## TASK STATEMENT
Your answer should hold the data exactly as given, minus any picture.

(Data entries)

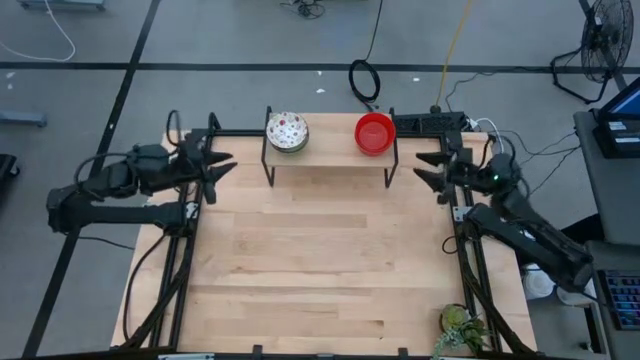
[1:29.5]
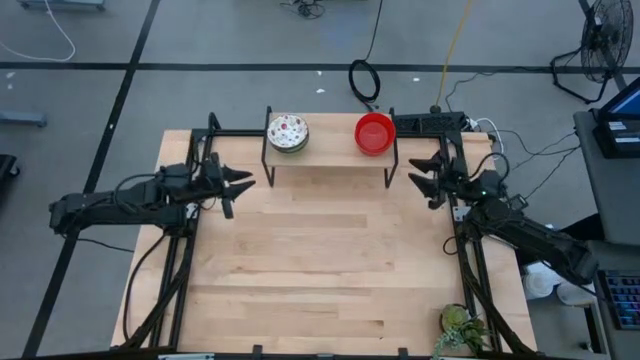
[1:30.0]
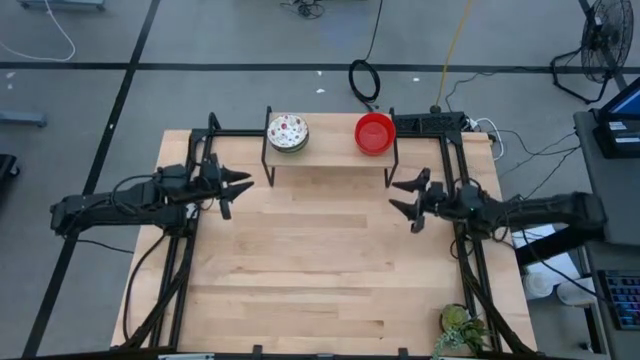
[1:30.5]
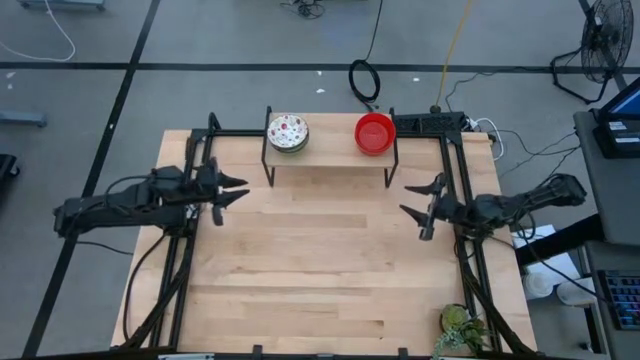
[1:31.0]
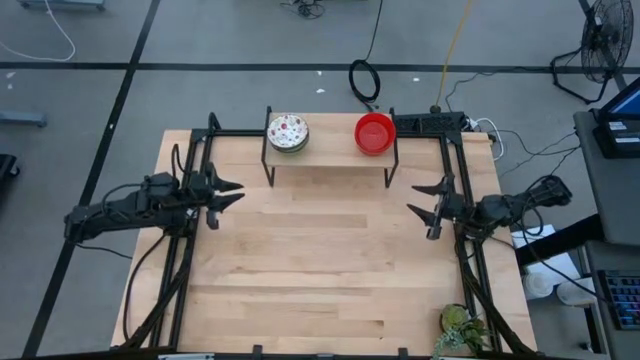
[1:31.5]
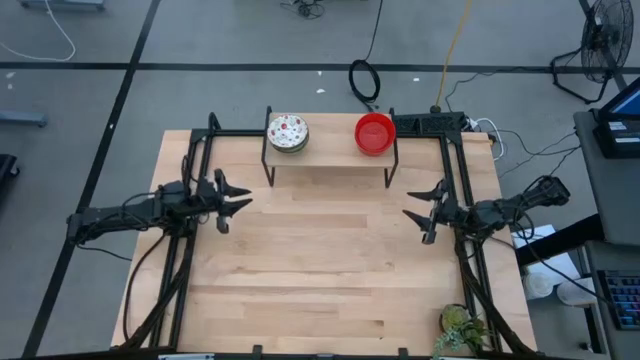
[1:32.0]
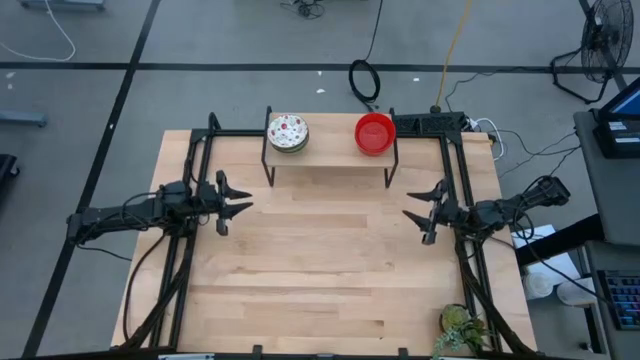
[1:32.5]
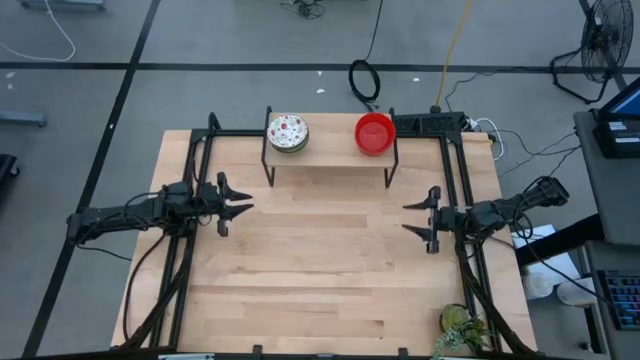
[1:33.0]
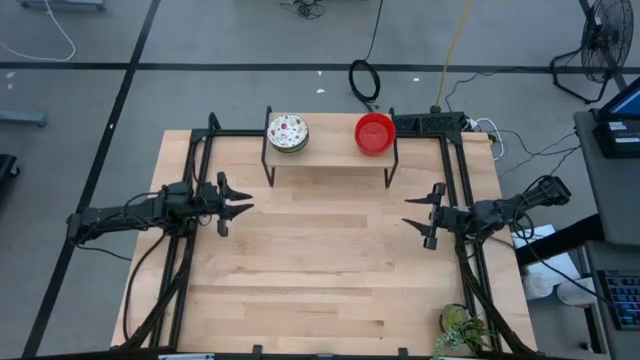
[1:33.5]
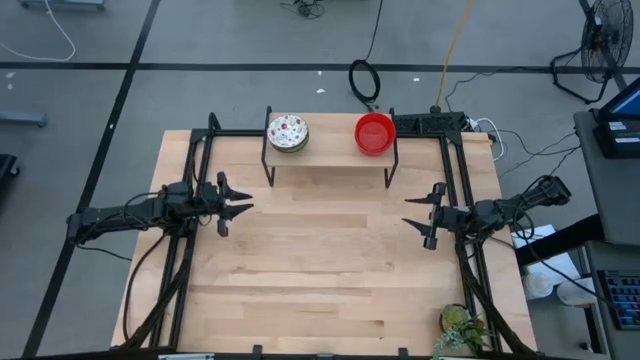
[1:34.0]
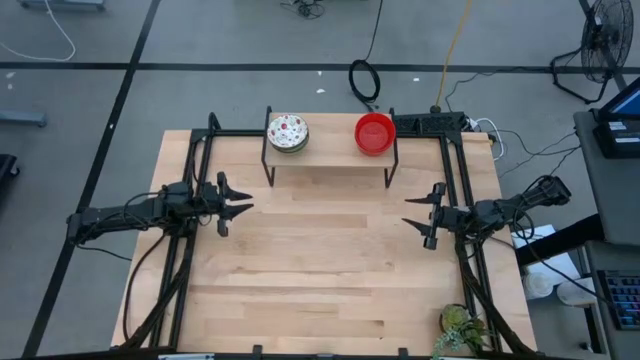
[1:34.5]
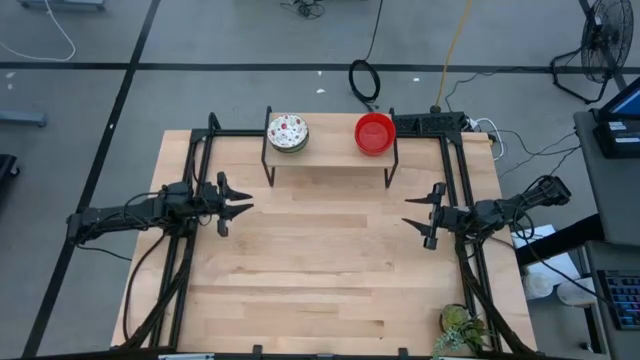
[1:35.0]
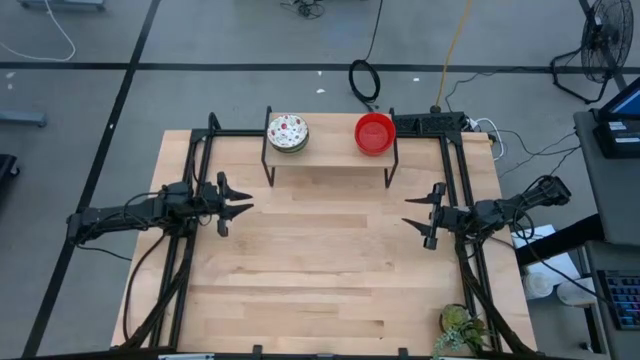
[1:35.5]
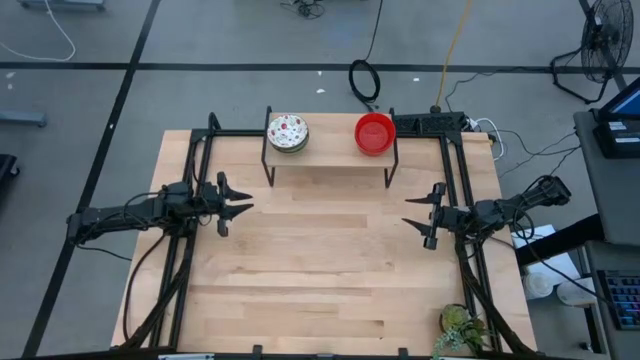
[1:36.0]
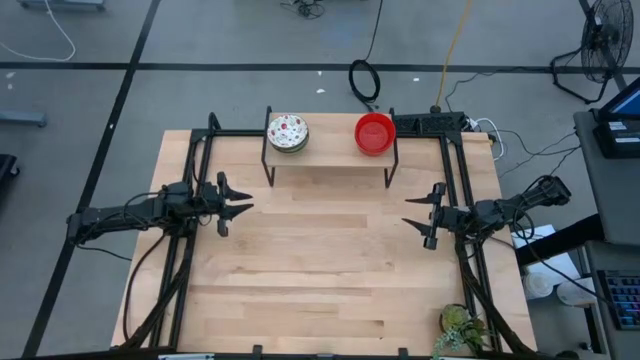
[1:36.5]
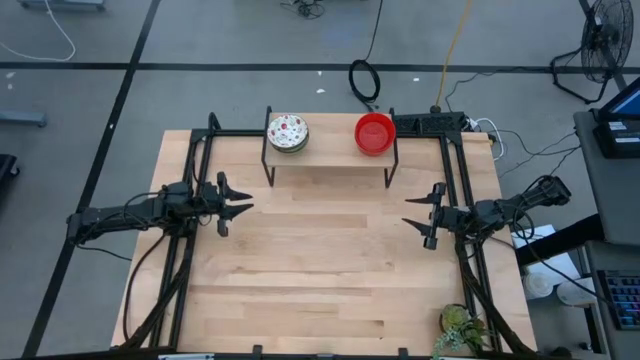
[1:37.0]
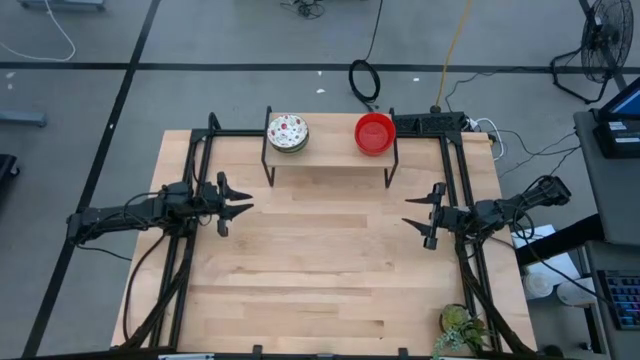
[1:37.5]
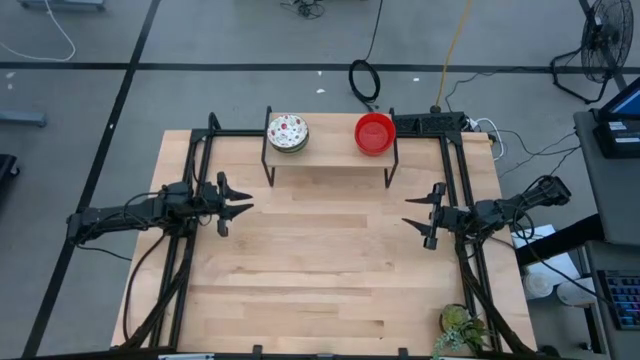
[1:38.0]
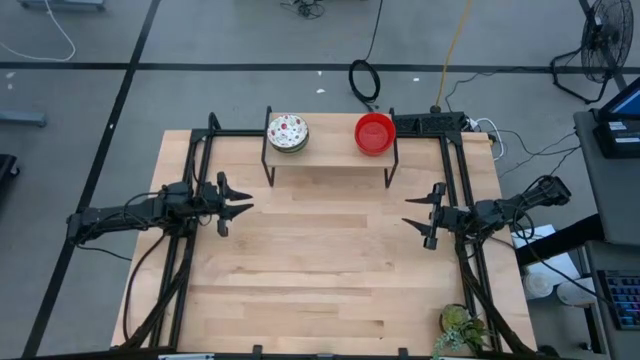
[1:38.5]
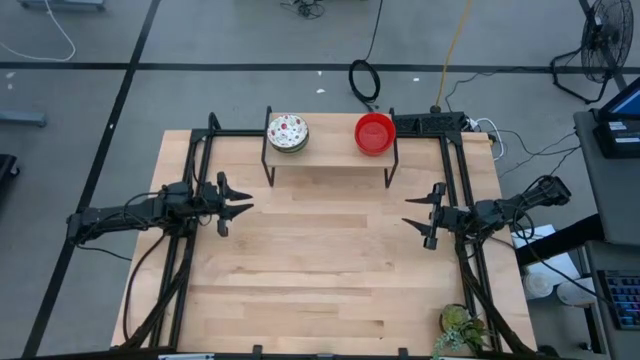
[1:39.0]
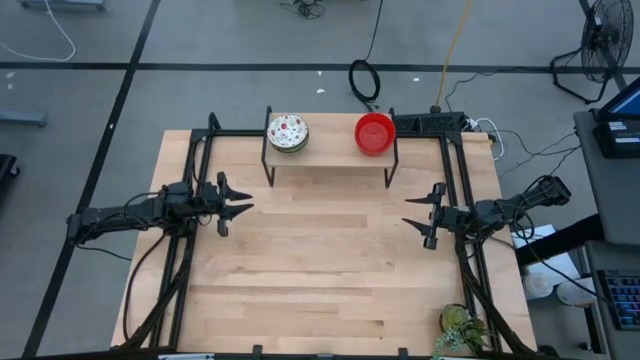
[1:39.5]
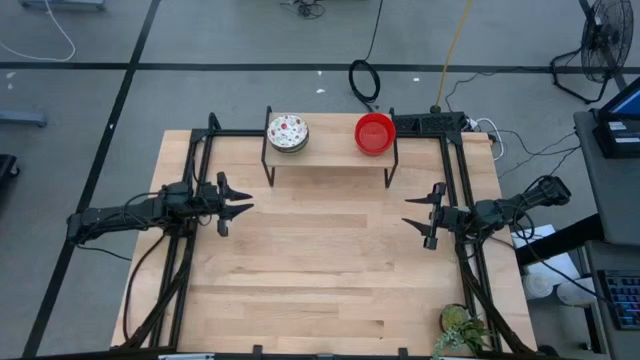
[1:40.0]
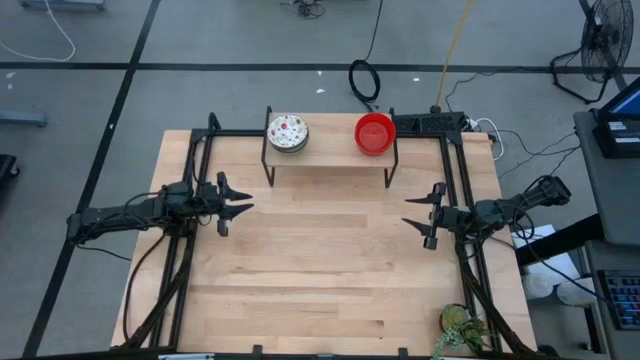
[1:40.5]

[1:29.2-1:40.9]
Return to home position

## WRITTEN RESPONSE
[1:29.5]
[1:30.0]
[1:30.5]
[1:31.0]
[1:31.5]
[1:32.0]
[1:32.5]
[1:33.0]
[1:33.5]
[1:34.0]
[1:34.5]
[1:35.0]
[1:35.5]
[1:36.0]
[1:36.5]
[1:37.0]
[1:37.5]
[1:38.0]
[1:38.5]
[1:39.0]
[1:39.5]
[1:40.0]
[1:40.5]

[1:29.2-1:40.9]
Return to home position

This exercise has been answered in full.